▸ **Task to carry out**: Output every entry exactly as it appears.

========================================================================

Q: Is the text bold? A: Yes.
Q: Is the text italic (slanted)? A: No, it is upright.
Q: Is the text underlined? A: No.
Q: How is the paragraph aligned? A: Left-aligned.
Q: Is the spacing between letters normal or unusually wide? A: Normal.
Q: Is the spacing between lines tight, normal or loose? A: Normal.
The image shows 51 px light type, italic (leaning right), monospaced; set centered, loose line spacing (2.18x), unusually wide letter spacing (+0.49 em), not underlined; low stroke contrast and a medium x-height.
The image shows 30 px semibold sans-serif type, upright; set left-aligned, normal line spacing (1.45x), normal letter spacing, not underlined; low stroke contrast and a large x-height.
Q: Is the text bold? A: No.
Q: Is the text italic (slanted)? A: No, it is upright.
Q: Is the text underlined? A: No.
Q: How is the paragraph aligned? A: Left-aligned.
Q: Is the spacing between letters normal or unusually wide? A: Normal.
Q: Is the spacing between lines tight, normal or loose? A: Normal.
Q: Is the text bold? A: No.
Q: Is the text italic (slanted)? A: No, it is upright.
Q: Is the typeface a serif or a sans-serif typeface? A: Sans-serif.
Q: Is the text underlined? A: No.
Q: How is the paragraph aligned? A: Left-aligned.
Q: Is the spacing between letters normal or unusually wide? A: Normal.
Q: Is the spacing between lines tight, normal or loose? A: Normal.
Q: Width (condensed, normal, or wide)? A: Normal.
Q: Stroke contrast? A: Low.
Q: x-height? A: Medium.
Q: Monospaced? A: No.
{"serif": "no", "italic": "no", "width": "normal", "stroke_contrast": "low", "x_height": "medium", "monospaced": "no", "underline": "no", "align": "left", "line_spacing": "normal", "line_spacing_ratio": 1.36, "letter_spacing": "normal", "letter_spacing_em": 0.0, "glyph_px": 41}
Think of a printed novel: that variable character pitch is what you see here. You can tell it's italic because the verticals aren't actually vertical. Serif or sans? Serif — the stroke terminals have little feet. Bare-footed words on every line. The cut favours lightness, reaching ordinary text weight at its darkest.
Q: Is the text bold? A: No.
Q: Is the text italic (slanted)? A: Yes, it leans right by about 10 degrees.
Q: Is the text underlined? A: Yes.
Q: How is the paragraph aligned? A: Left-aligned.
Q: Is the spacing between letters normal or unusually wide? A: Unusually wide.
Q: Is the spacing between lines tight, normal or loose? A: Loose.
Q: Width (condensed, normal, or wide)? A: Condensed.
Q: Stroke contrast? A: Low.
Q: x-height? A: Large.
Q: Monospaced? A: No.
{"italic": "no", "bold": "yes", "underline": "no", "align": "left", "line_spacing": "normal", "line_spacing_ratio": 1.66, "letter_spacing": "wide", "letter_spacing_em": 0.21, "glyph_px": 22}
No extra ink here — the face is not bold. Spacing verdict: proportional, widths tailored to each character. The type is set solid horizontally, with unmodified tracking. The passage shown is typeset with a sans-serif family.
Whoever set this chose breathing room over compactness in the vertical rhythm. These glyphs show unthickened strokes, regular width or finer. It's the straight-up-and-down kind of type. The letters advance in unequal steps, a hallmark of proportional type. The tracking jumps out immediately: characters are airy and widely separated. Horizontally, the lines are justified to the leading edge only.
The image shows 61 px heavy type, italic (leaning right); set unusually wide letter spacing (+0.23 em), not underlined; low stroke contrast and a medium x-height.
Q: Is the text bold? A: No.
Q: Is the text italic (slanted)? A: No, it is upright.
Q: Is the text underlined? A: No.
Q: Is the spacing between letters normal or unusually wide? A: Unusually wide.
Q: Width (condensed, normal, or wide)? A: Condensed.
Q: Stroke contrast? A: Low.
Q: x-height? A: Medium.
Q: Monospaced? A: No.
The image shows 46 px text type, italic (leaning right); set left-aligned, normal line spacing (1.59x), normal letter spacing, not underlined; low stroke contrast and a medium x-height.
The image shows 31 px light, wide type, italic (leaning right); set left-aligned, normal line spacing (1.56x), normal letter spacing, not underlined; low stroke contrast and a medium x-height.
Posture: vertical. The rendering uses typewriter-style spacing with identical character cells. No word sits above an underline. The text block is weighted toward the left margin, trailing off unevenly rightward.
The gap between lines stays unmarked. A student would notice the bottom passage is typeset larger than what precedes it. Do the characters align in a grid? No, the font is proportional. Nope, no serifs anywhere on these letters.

========================================================================

▸ **Answer box**:
Q: Is the text bold? A: Yes.
Q: Is the text italic (slanted)? A: No, it is upright.
Q: Is the text underlined? A: No.
Q: How is the paragraph aligned? A: Left-aligned.
Q: Is the spacing between letters normal or unusually wide? A: Normal.
Q: Is the spacing between lines tight, normal or loose? A: Normal.
The image shows 51 px light type, italic (leaning right), monospaced; set centered, loose line spacing (2.18x), unusually wide letter spacing (+0.49 em), not underlined; low stroke contrast and a medium x-height.
The image shows 30 px semibold sans-serif type, upright; set left-aligned, normal line spacing (1.45x), normal letter spacing, not underlined; low stroke contrast and a large x-height.
Q: Is the text bold? A: No.
Q: Is the text italic (slanted)? A: No, it is upright.
Q: Is the text underlined? A: No.
Q: How is the paragraph aligned? A: Left-aligned.
Q: Is the spacing between letters normal or unusually wide? A: Normal.
Q: Is the spacing between lines tight, normal or loose? A: Normal.
Q: Is the text bold? A: No.
Q: Is the text italic (slanted)? A: No, it is upright.
Q: Is the typeface a serif or a sans-serif typeface? A: Sans-serif.
Q: Is the text underlined? A: No.
Q: How is the paragraph aligned? A: Left-aligned.
Q: Is the spacing between letters normal or unusually wide? A: Normal.
Q: Is the spacing between lines tight, normal or loose? A: Normal.
Q: Width (condensed, normal, or wide)? A: Normal.
Q: Stroke contrast? A: Low.
Q: x-height? A: Medium.
Q: Monospaced? A: No.
{"serif": "no", "italic": "no", "width": "normal", "stroke_contrast": "low", "x_height": "medium", "monospaced": "no", "underline": "no", "align": "left", "line_spacing": "normal", "line_spacing_ratio": 1.36, "letter_spacing": "normal", "letter_spacing_em": 0.0, "glyph_px": 41}
Think of a printed novel: that variable character pitch is what you see here. You can tell it's italic because the verticals aren't actually vertical. Serif or sans? Serif — the stroke terminals have little feet. Bare-footed words on every line. The cut favours lightness, reaching ordinary text weight at its darkest.
Q: Is the text bold? A: No.
Q: Is the text italic (slanted)? A: Yes, it leans right by about 10 degrees.
Q: Is the text underlined? A: Yes.
Q: How is the paragraph aligned? A: Left-aligned.
Q: Is the spacing between letters normal or unusually wide? A: Unusually wide.
Q: Is the spacing between lines tight, normal or loose? A: Loose.
Q: Width (condensed, normal, or wide)? A: Condensed.
Q: Stroke contrast? A: Low.
Q: x-height? A: Large.
Q: Monospaced? A: No.
{"italic": "no", "bold": "yes", "underline": "no", "align": "left", "line_spacing": "normal", "line_spacing_ratio": 1.66, "letter_spacing": "wide", "letter_spacing_em": 0.21, "glyph_px": 22}
No extra ink here — the face is not bold. Spacing verdict: proportional, widths tailored to each character. The type is set solid horizontally, with unmodified tracking. The passage shown is typeset with a sans-serif family.
Whoever set this chose breathing room over compactness in the vertical rhythm. These glyphs show unthickened strokes, regular width or finer. It's the straight-up-and-down kind of type. The letters advance in unequal steps, a hallmark of proportional type. The tracking jumps out immediately: characters are airy and widely separated. Horizontally, the lines are justified to the leading edge only.
The image shows 61 px heavy type, italic (leaning right); set unusually wide letter spacing (+0.23 em), not underlined; low stroke contrast and a medium x-height.
Q: Is the text bold? A: No.
Q: Is the text italic (slanted)? A: No, it is upright.
Q: Is the text underlined? A: No.
Q: Is the spacing between letters normal or unusually wide? A: Unusually wide.
Q: Width (condensed, normal, or wide)? A: Condensed.
Q: Stroke contrast? A: Low.
Q: x-height? A: Medium.
Q: Monospaced? A: No.
The image shows 46 px text type, italic (leaning right); set left-aligned, normal line spacing (1.59x), normal letter spacing, not underlined; low stroke contrast and a medium x-height.
The image shows 31 px light, wide type, italic (leaning right); set left-aligned, normal line spacing (1.56x), normal letter spacing, not underlined; low stroke contrast and a medium x-height.
Posture: vertical. The rendering uses typewriter-style spacing with identical character cells. No word sits above an underline. The text block is weighted toward the left margin, trailing off unevenly rightward.
The gap between lines stays unmarked. A student would notice the bottom passage is typeset larger than what precedes it. Do the characters align in a grid? No, the font is proportional. Nope, no serifs anywhere on these letters.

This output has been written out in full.